Data shown:
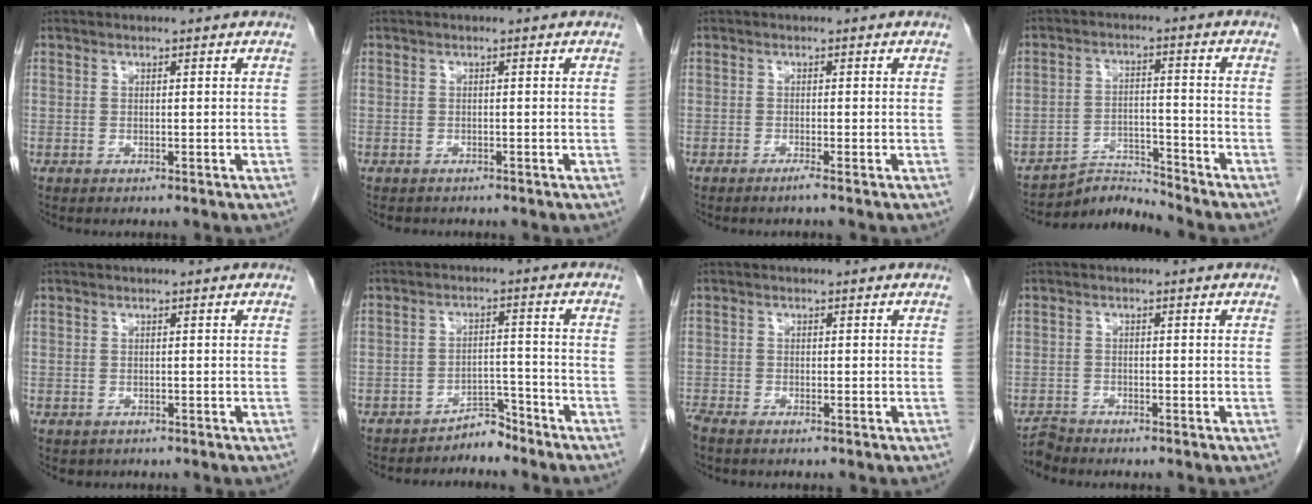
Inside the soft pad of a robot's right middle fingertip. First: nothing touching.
{"total": 1.4, "force": [-1.2, 0.6, 0.2], "torque": [-0.008, -0.001, -0.016]}
{"total": 0.9, "force": [-0.6, -0.3, 0.5], "torque": [-0.007, 0.001, -0.012]}
{"total": 5.5, "force": [-4.9, -1.3, -1.9], "torque": [0.030, 0.004, -0.084]}
{"total": 0.8, "force": [-0.5, 0.6, 0.0], "torque": [-0.008, 0.002, -0.002]}
{"total": 3.4, "force": [-3.3, 0.9, 0.2], "torque": [0.005, 0.000, -0.054]}
{"total": 2.0, "force": [-1.7, 0.4, 1.0], "torque": [-0.021, -0.005, -0.029]}
{"total": 1.8, "force": [-1.8, -0.1, -0.3], "torque": [0.007, -0.010, -0.032]}
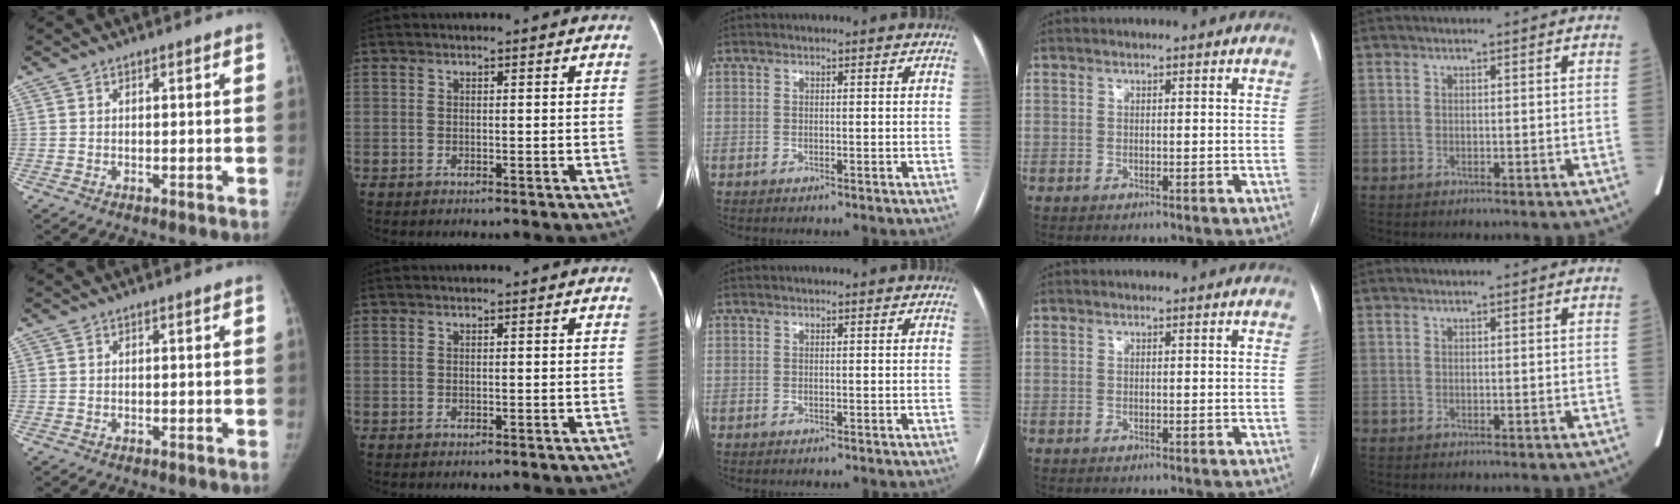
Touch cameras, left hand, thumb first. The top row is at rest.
{}

Task requirements:
Would you please retype the material above exactly and leave out each picture?

Output for this exercise:
Inside the soft pad of a robot's right middle fingertip. First: nothing touching.
{"total": 1.4, "force": [-1.2, 0.6, 0.2], "torque": [-0.008, -0.001, -0.016]}
{"total": 0.9, "force": [-0.6, -0.3, 0.5], "torque": [-0.007, 0.001, -0.012]}
{"total": 5.5, "force": [-4.9, -1.3, -1.9], "torque": [0.030, 0.004, -0.084]}
{"total": 0.8, "force": [-0.5, 0.6, 0.0], "torque": [-0.008, 0.002, -0.002]}
{"total": 3.4, "force": [-3.3, 0.9, 0.2], "torque": [0.005, 0.000, -0.054]}
{"total": 2.0, "force": [-1.7, 0.4, 1.0], "torque": [-0.021, -0.005, -0.029]}
{"total": 1.8, "force": [-1.8, -0.1, -0.3], "torque": [0.007, -0.010, -0.032]}
Touch cameras, left hand, thumb first. The top row is at rest.
{}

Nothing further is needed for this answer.